Meldepflichten aus Marktstammdatenregister-Verordnung

Grundlage hierfür ist die Marktstammdatenregisterverordnung (MaStRV), die bereits zum 01.07.2017 in Kraft getreten ist. Sie verpflichtet unter anderem sämtliche Betreiber von EEG- und KWK-Anlagen, diese bei Inbetriebnahme im Marktstammdatenregister zu registrieren. Soweit Anlagen immissionsschutzrechtlich genehmigungspflichtig sind, ist überdies auch die erteilte Genehmigung zu registrieren. Die Frist hierfür beträgt jeweils einen Monat ab Eintritt des registrierungspflichtigen Ereignisses. Anders als noch im Anlagenregister, sind hiervon auch sämtliche Bestandsanlagen erfasst. Betroffen sind insbesondere Betreiber, die noch keine Daten zum Anlagenregister melden mussten und daher bisher nirgends erfasst sind.

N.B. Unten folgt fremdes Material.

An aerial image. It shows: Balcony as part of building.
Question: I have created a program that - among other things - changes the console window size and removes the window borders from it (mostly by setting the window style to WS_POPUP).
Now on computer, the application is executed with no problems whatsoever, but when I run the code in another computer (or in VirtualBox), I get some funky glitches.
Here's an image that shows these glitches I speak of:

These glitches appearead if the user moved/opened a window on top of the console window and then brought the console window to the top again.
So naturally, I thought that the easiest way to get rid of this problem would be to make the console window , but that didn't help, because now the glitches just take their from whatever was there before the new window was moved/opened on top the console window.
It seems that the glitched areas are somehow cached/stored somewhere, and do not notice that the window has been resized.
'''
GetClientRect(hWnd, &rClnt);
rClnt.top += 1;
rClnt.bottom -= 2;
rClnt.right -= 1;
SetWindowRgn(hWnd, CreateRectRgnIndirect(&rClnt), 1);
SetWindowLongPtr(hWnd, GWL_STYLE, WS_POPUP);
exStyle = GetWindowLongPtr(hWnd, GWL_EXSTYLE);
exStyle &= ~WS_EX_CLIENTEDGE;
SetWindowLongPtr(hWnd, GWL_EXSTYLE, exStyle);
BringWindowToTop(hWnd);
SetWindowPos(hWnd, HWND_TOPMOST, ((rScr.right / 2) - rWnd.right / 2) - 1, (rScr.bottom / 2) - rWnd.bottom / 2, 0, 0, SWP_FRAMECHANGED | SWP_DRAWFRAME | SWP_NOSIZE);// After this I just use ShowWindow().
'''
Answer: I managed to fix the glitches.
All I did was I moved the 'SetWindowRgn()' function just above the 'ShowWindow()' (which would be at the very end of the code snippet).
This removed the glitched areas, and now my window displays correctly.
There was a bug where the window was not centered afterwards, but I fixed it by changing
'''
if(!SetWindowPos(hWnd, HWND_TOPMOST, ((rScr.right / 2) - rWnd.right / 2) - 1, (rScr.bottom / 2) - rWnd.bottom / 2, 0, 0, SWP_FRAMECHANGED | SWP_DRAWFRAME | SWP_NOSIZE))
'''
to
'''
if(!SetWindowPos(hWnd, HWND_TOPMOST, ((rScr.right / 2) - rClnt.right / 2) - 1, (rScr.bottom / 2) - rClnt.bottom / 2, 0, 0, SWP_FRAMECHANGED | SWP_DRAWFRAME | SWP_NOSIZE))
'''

Übergangsfristen durch verzögerten Start des Webportals

Ursprünglich war vorgesehen, dass das Webportal zeitgleich mit dem Inkrafttreten der MaStRV den Betrieb aufnimmt. Aufgrund technischer Schwierigkeiten bei der Umsetzung, insbesondere mit Blick auf die Benutzerfreundlichkeit des Portals, musste der Start mehrmals verschoben werden. Zunächst sollte das Portal im Herbst 2017 zur Verfügung stehen, dann Ende 2018 und schließlich am 31.01.2019. Während dieser Zeit neu in Betrieb genommene EEG-Anlagen mussten die Meldung zunächst weiterhin über das Anlagenregister vornehmen. Bestandsanlagen konnten noch nicht gemeldet werden. Diese Meldungen sind jetzt nachzuholen.

Um einen übermäßigen Ansturm auf das Marktstammdatenregister in den ersten Wochen und Monaten zu vermeiden, wurden Ende 2018 Übergangsfristen in die MaStRV aufgenommen. So müssen Betreiber von Bestandsanlagen, die bisher nicht meldepflichtig waren, die erforderlichen Daten innerhalb von 24 Kalendermonaten ab dem Start des Webportals nachmelden. Letzter Termin für die Meldung ist also der 31.01.2021. Leistungsänderungen von Neu- oder Bestandsanlagen seit dem 01.07.2017 müssen innerhalb einer Übergangsfrist von sechs Monaten, also bis zum 31.07.2019 registriert werden.

Vergütungskürzung vermeiden

Gerade Bestandsanlagenbetreiber sollten diese Fristen im Auge behalten. Bei verspäteter Registrierung droht eine Reduzierung der finanziellen Förderung um mindestens 20 %, bei versäumter Jahresmeldung an den Netzbetreiber sogar bis auf Null. Zusätzlich kann die Bundesnetzagentur verspätete oder fehlerhafte Meldungen als Ordnungswidrigkeit mit einem Bußgeld ahnden. Alle Markteilnehmer, insbesondere Betrieber von Bestandsanlagen, sollten die Fristen daher genau im Blick haben und gegebenenfalls Rechtsrat einholen.